The radiant smile did nothing to assuage the grief.
They made a dashing couple -- the picture on the mantle of my parents made me proud; her slim body draped in an evening gown, cinched at the waist, pressed against his and her chin tilted up to take a closer look at his face. His left arm was tightly wound around her, his eyes fixed on the camera and his right hand in the pocket of his loose white slacks. It looked as if he were ready to pick her up off the ground and run down the street.
Mami walked by and was about to greet me as if I were another guest, but recognizing me at last, she let her smile fade. We embraced and I made sure to not crush the rose pinned to her dress.
I will miss him, she said, and after a long pause, I do miss him
Every feeling fades with time, even grief
Your’re right, Maria. Always so sensible.
I try not to do it too often
What?
Be sensible . . . it gets boring.
I was tempted to speak of my disappointment, not that Papi hadn’t recovered from his illness, but that María hadn’t wanted to meet me and her powerful absence.

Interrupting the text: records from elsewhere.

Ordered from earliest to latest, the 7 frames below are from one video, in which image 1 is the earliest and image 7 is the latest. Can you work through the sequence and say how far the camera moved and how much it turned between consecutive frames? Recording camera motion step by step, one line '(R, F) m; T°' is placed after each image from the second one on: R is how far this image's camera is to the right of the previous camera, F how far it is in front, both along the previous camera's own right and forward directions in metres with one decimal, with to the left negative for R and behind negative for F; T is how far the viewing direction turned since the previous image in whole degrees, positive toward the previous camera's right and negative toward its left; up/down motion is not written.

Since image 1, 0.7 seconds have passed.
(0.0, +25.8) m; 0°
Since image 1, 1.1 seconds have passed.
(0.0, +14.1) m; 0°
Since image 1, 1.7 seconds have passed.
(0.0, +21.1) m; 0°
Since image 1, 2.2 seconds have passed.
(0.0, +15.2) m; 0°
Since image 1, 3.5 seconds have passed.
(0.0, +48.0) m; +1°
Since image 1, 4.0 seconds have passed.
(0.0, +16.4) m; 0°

My dreams of re-connecting with the sister I had never met were dashed again.
You’re sad about your father too. I can see it.

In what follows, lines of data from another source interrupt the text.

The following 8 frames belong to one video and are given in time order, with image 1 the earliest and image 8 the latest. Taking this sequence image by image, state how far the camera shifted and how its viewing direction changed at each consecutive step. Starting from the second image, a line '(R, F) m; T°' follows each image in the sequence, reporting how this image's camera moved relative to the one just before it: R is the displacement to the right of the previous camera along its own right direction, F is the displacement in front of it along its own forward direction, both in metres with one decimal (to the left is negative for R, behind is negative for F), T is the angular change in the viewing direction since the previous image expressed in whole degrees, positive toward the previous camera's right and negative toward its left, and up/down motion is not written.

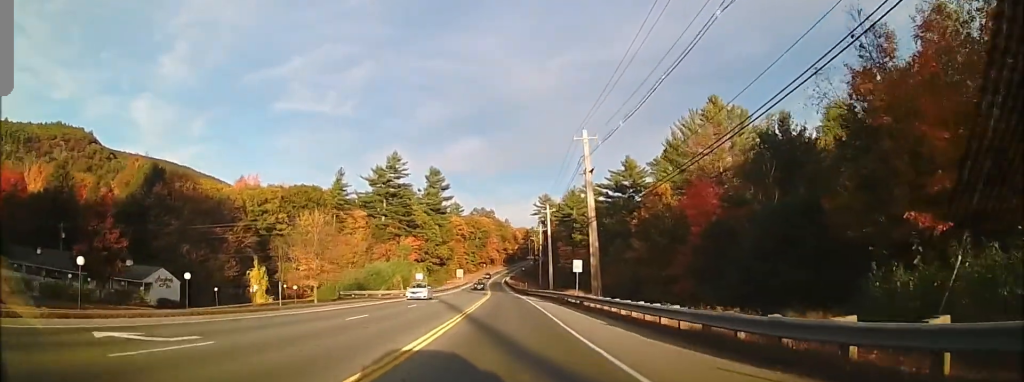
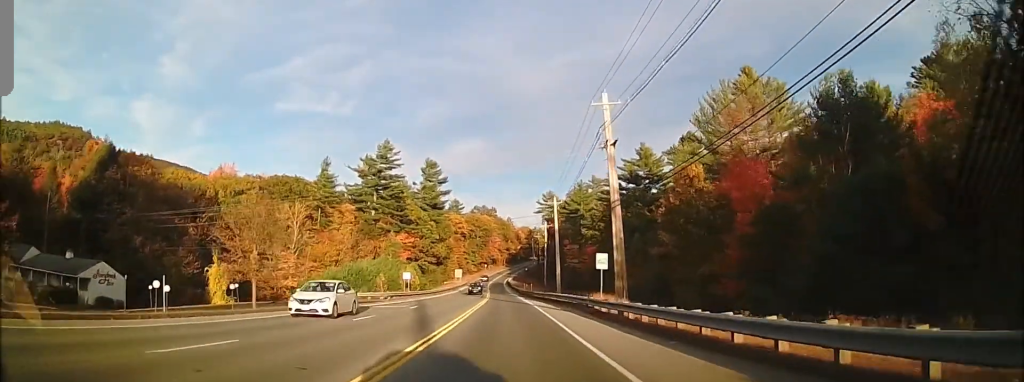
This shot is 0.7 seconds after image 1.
(+0.1, +12.0) m; -1°
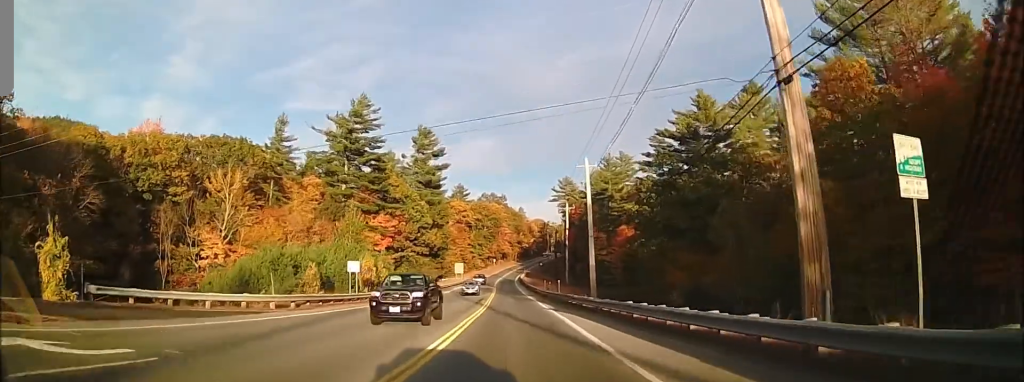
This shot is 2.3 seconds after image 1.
(-0.7, +29.1) m; -2°
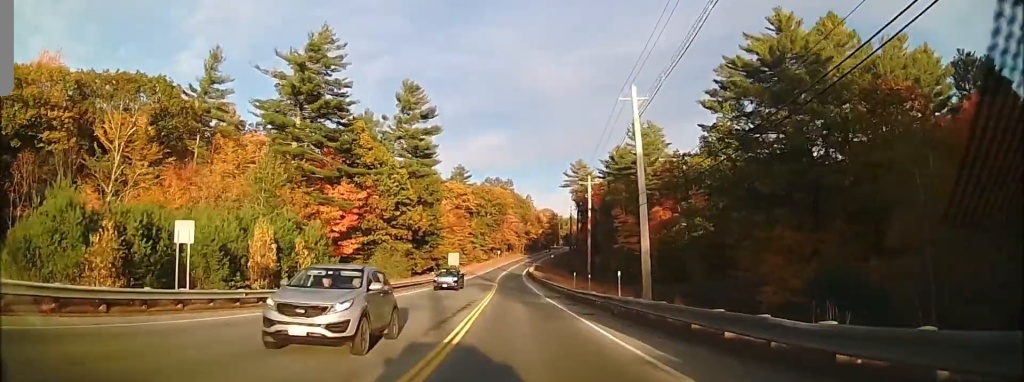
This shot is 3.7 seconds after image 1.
(+0.1, +24.7) m; 0°
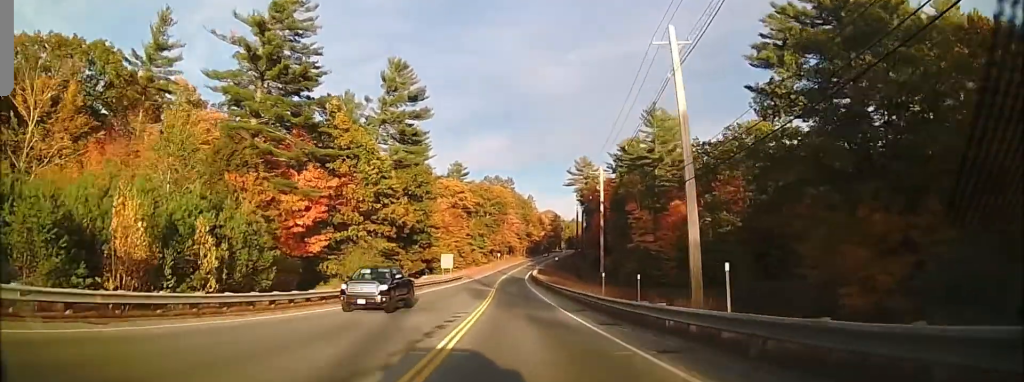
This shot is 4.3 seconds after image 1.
(0.0, +12.4) m; 0°
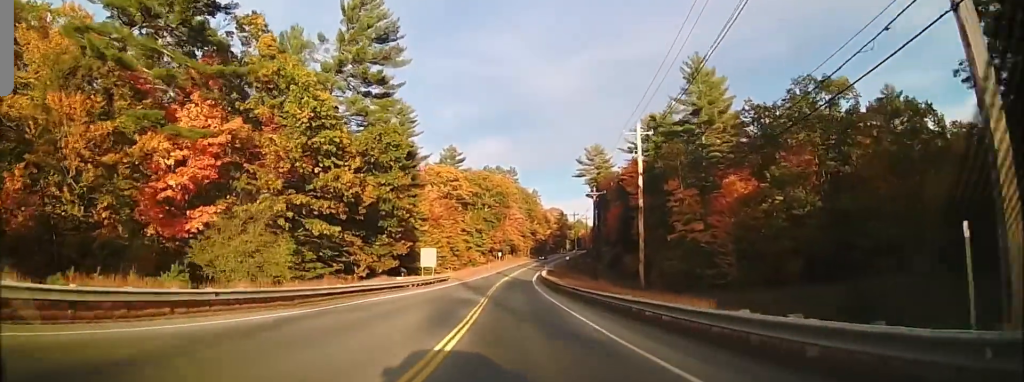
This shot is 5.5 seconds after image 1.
(0.0, +22.2) m; 0°
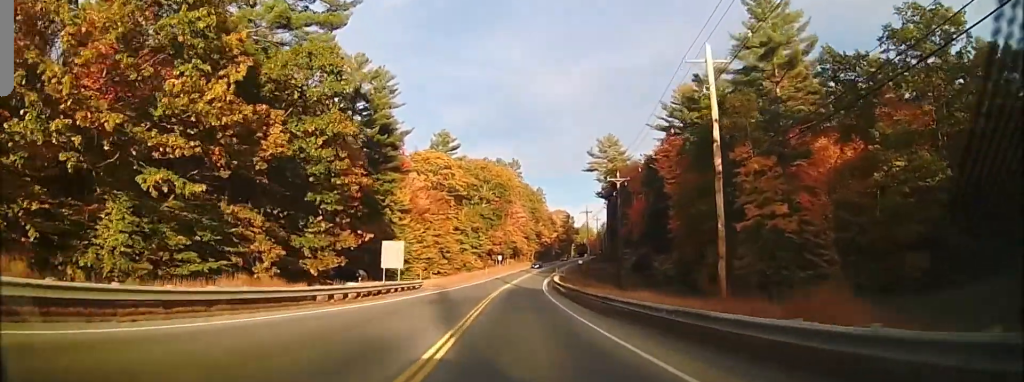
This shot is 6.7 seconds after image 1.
(0.0, +20.7) m; +1°
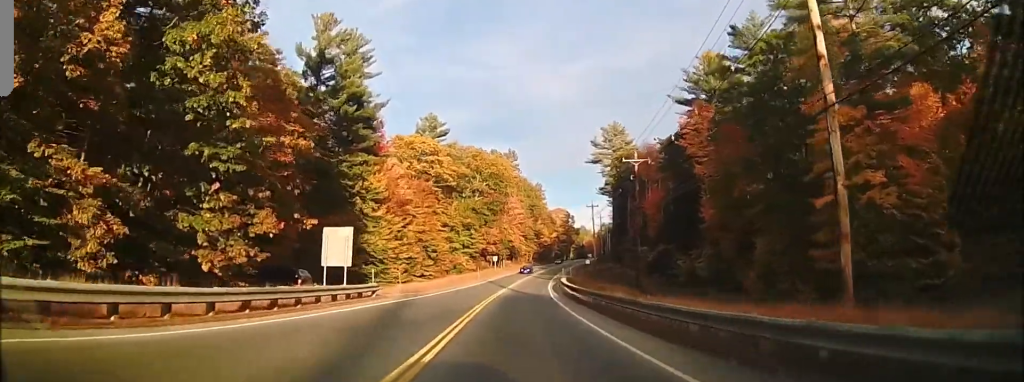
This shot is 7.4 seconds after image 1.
(+0.1, +14.0) m; +1°

Not wanting to spoil her moment, I agreed, using my sadness about my sister as a sign of grief for my father.
My mother squeezed my arm to signal the end of our communal mourning; she returned to her sanctuary, to make more sandwiches and slice large hunks of guava paste and white cheese into thin slivers, layering one guava and one white cheese slice on crackers with her usual grace and lack of appetite. She tasted a recipe and never ate a full meal. We always knew when to leave each other alone because we shared the belief that grief was private. I considered for a moment whether to leave a note and take an early flight, but decided against it. There was enough drama without my creating more, so I slipped away from the party, took off the dress and changed into running clothes.

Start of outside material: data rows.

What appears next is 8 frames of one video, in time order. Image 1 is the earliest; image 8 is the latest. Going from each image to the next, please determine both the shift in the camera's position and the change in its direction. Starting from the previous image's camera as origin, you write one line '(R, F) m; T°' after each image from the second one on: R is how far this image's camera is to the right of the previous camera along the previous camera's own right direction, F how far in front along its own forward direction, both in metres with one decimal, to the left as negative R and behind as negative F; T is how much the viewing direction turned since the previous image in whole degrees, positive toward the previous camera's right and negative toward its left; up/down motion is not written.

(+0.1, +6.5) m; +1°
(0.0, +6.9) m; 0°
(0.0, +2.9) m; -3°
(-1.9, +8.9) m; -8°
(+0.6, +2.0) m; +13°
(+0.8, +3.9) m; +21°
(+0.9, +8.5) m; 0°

To be able to breathe deeply again, I had to run away if only from a couple of hours. Once outside, standing on the porch by myself, I took the opportunity to look in at the crowd of people speaking in whispers about the deceased, and I held my memories of his abuse close. I let the sounds of hushed voices and the rising noise of coquis fill my ears so my thoughts were no longer significant, I headed down the narrow tree-lined road to the edge of the river to talk to ghosts and give up on the living. Talking to ghosts had always been a comfort.